Records drawn from a dataset
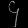
Digit: ၄
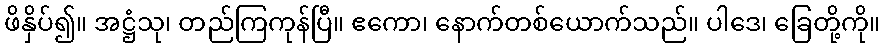
ဖိနှိပ်၍။ အဋ္ဌံသု၊ တည်ကြကုန်ပြီ။ ဧကော၊ နောက်တစ်ယောက်သည်။ ပါဒေ၊ ခြေတို့ကို။
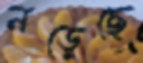
নড়েছে
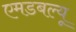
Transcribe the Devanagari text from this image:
एमडबल्यू
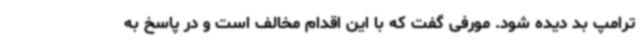
ترامپ بد دیده شود. مورفی گفت که با این اقدام مخالف است و در پاسخ به
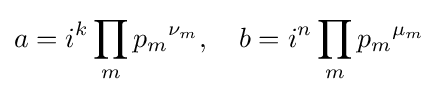
a=i^{k}\prod _{m}{p_{m}}^{\nu _{m}},\quad b=i^{n}\prod _{m}{p_{m}}^{\mu _{m}}
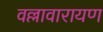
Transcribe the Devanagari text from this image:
वल्लावारायण
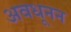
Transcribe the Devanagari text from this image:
अवधूनन
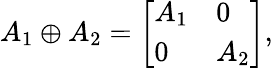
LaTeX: A_{1}\oplus A_{2}={\left[\begin{array}{ll}{A_{1}}&{0}\\ {0}&{A_{2}}\end{array}\right]},
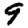
Digit: 9
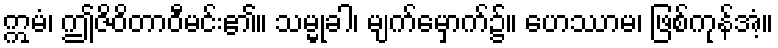
ဣမံ၊ ဤဇိဝိတာဝီမင်း၏။ သမ္မုခါ၊ မျက်မှောက်၌။ ဟေဿာမ၊ ဖြစ်ကုန်အံ့။
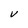
Character: V
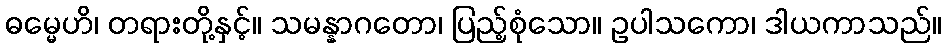
ဓမ္မေဟိ၊ တရားတို့နှင့်။ သမန္နာဂတော၊ ပြည့်စုံသော။ ဥပါသကော၊ ဒါယကာသည်။
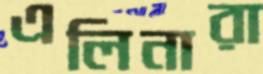
এলিনারা
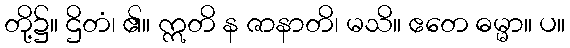
တို့၌။ ဌိတံ၊ ၏။ ဣတိ န ဇာနာတိ၊ မသိ။ ဧတေ ဓမ္မာ။ ပ။
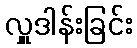
လှူဒါန်းခြင်း
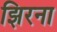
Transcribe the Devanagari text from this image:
झिरना
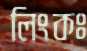
লিংকঃ
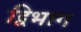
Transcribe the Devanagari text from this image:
द्विभाग
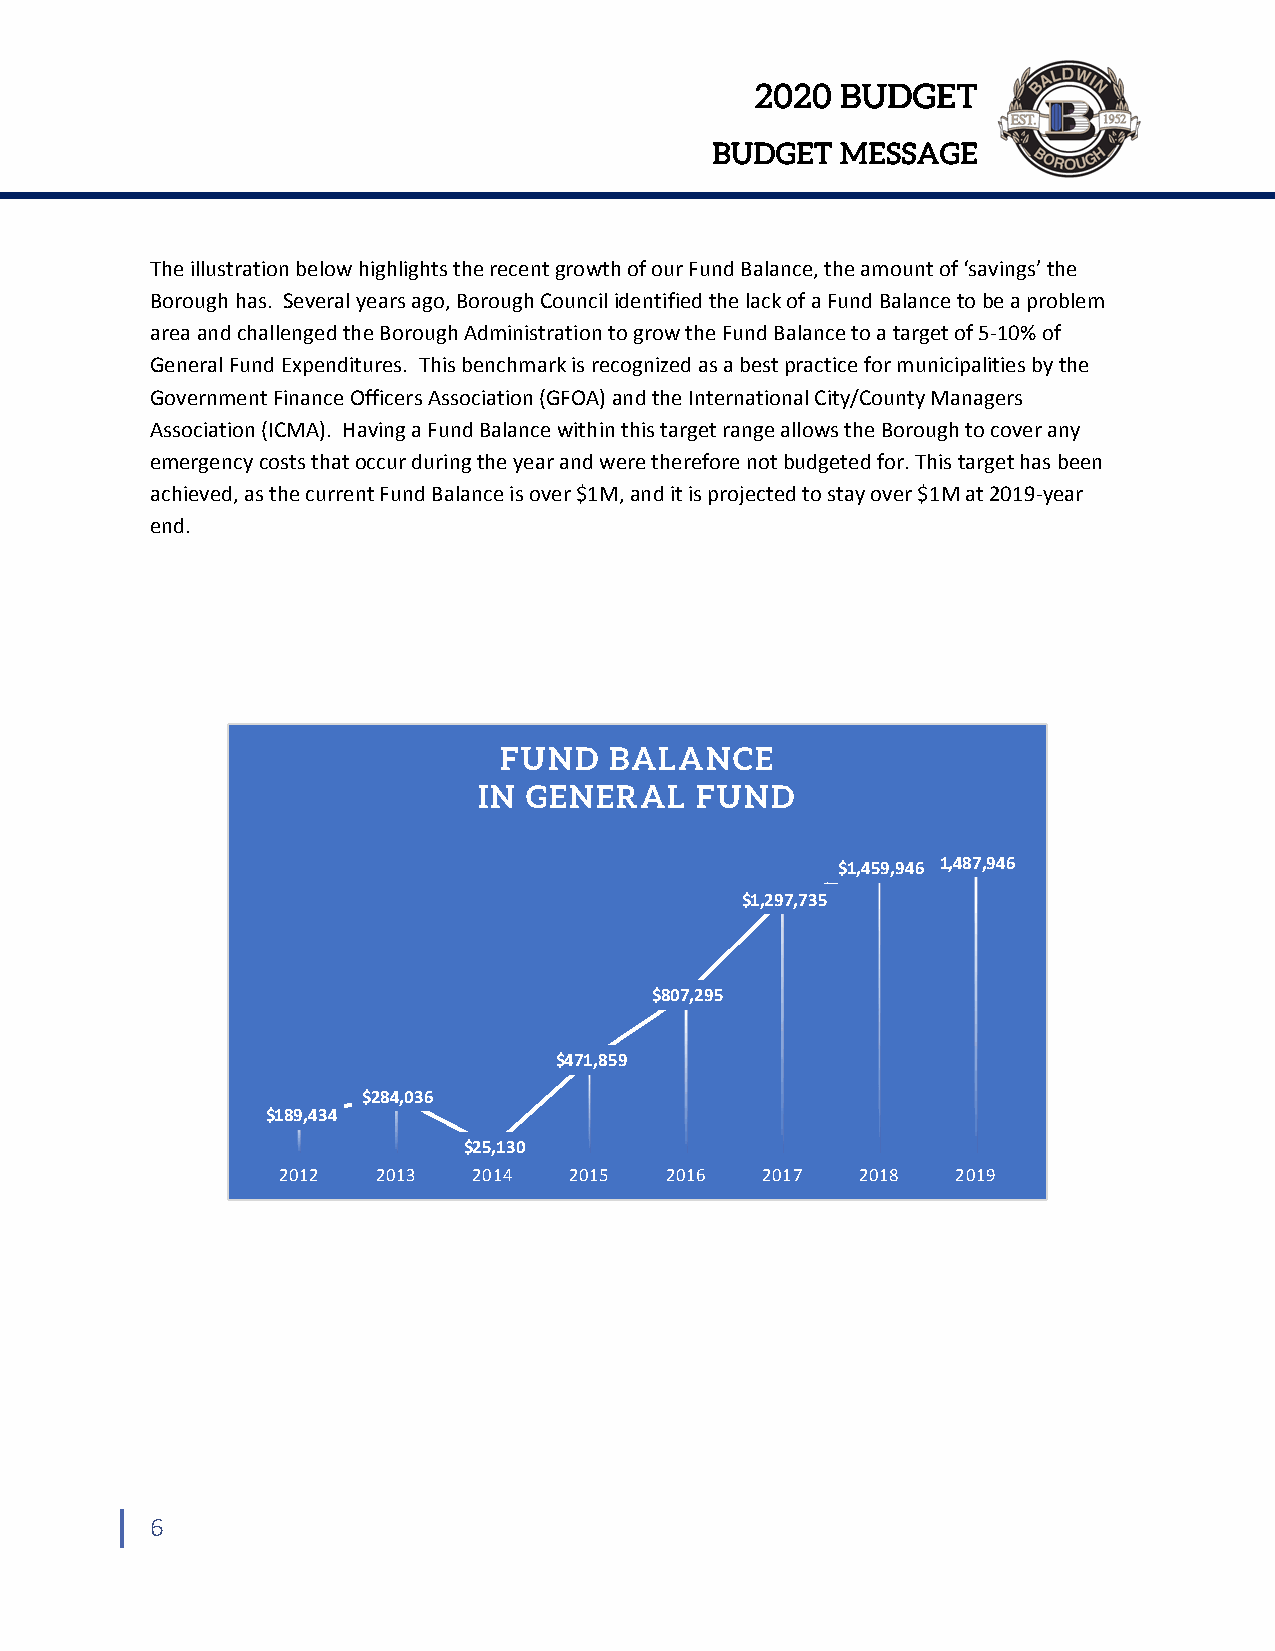
2020  BUDGET
 BUDGET   MESSAGE
 The illustration below highlights the recent growth of our Fund Balance, the amount of ‘savings’ the
 Borough has. Several years ago, Borough Council identified the lack of a Fund Balance to be a problem
 area and challenged the Borough Administration to grow the Fund Balance to a target of 5‐10% of
 General Fund Expenditures. This benchmark is recognized as a best practice for municipalities by the
 Government Finance Officers Association (GFOA) and the International City/County Managers
 Association (ICMA). Having a Fund Balance within this target range allows the Borough to cover any
 emergency costs that occur during the year and were therefore not budgeted for. This target has been
 achieved, as the current Fund Balance is over $1M, and it is projected to stay over $1M at 2019‐year
 end.
 FUND   BALANCE
 IN GENERAL    FUND
 $1,459,946 1,487,946
 $1,297,735
 $807,295
 $471,859
 $284,036
 $189,434
 $25,130
 2012   2013  2014   2015  2016  2017   2018  2019
 6
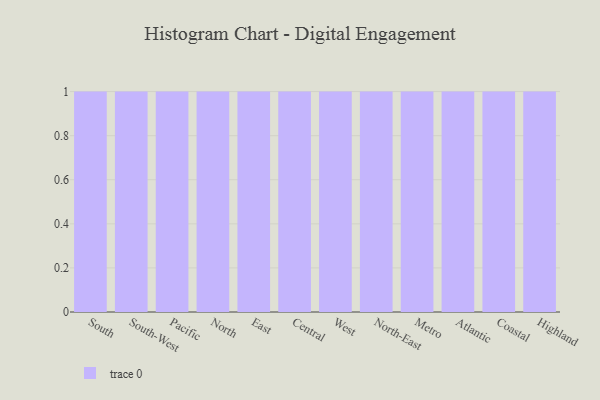
{"axis": {"x": "Region", "y": "Budget (USD K)"}, "legend": [""], "data": [{"x": "South", "y": 52, "type": ""}, {"x": "South-West", "y": 61, "type": ""}, {"x": "Pacific", "y": 91, "type": ""}, {"x": "North", "y": 99, "type": ""}, {"x": "East", "y": 3, "type": ""}, {"x": "Central", "y": 11, "type": ""}, {"x": "West", "y": 64, "type": ""}, {"x": "North-East", "y": 44, "type": ""}, {"x": "Metro", "y": 11, "type": ""}, {"x": "Atlantic", "y": 66, "type": ""}, {"x": "Coastal", "y": 77, "type": ""}, {"x": "Highland", "y": 65, "type": ""}]}
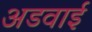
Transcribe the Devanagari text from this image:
अडवाई
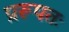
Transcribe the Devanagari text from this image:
प्ररूपतः
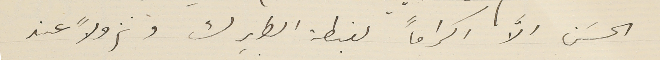
الحسَن الاّ اكراماً لغبطة الطريرك ونزولاً عند
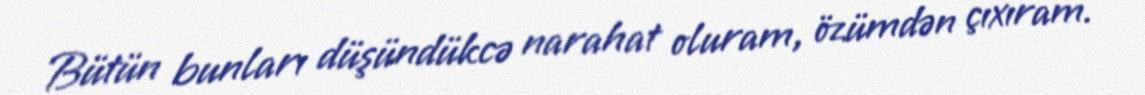
Bütün bunları düşündükcə narahat oluram, özümdən çıxıram.
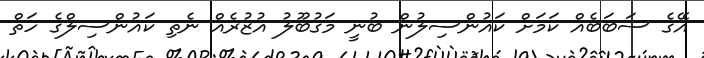
އޭގެ ސަބަބެއް ކަމަށް ކައުންސިލުން ބުނީ މަގުބޫލު އުޒުރެއް ނެތި ކައުންސިލްގެ ހަތް
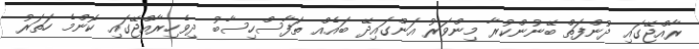
ރާއްޖޭގައި ދުންފަތް ބޭނުންކުރާ މިންވަރު އަންގައިދޭ ބަައެއް ތަފާސްހިސާބު ދިވެހިރާއްޖޭގައި ކޮންމެ ހަތަރު
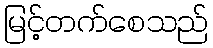
မြင့်တက်စေသည်
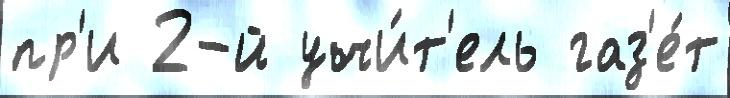
пр'и 2-й учи́т'ель газ'е́т
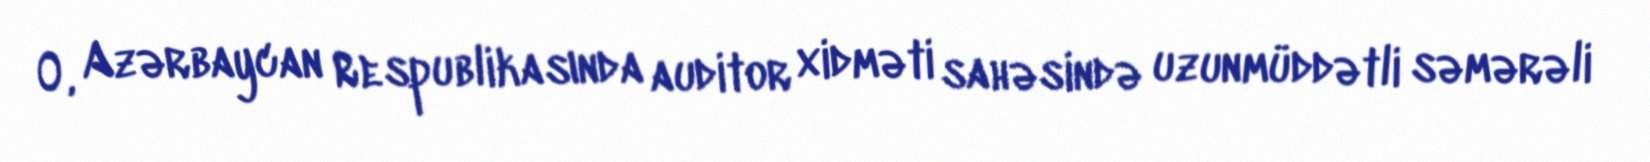
O, Azərbaycan Respublikasında auditor xidməti sahəsində uzunmüddətli səmərəli
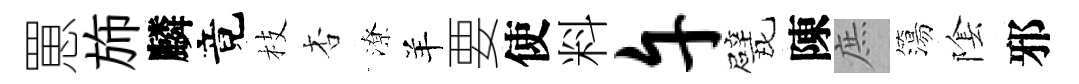
罳斾麟竟枝杏潦羊要使料午戏陳庶簜隂邪
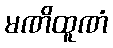
မဏိထူဏံ
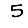
Digit: 5
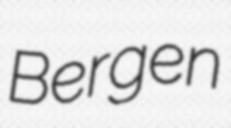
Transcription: Bergen
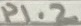
Text: P1.2
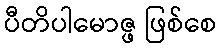
ပီတိပါမောဇ္ဖ ဖြစ်စေ
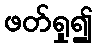
ဖတ်ရှု၍
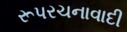
રૂપરચનાવાદી
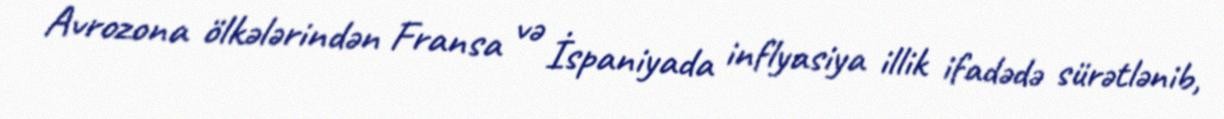
Avrozona ölkələrindən Fransa və İspaniyada inflyasiya illik ifadədə sürətlənib,
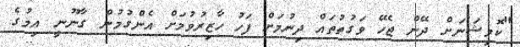
"ކޮމިޝަނަށް ދޭން ޖެހޭ ވަގުތުތައް ދިނުމަށް ފަހު ހާޒިރުވުމަށް އެންގުމުން ގާނޫނީ އިމުގެ
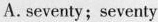
A. seventy; seventy
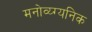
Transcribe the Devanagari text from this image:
मनोव्य्ग्यनिक
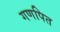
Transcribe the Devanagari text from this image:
गणपित
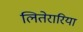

Problem to work on. Only the lines from the one with "Transcription: Bergen" through the end of the data, both ends included, should be written out exactly, and no pictures should appear.

Exercise response.
Transcription: Bergen
Text: P1.2
ပီတိပါမောဇ္ဖ ဖြစ်စေ
ဖတ်ရှု၍
રૂપરચનાવાદી
Avrozona ölkələrindən Fransa və İspaniyada inflyasiya illik ifadədə sürətlənib,
"ކޮމިޝަނަށް ދޭން ޖެހޭ ވަގުތުތައް ދިނުމަށް ފަހު ހާޒިރުވުމަށް އެންގުމުން ގާނޫނީ އިމުގެ
A. seventy; seventy
Transcribe the Devanagari text from this image:
मनोव्य्ग्यनिक
Transcribe the Devanagari text from this image:
गणपित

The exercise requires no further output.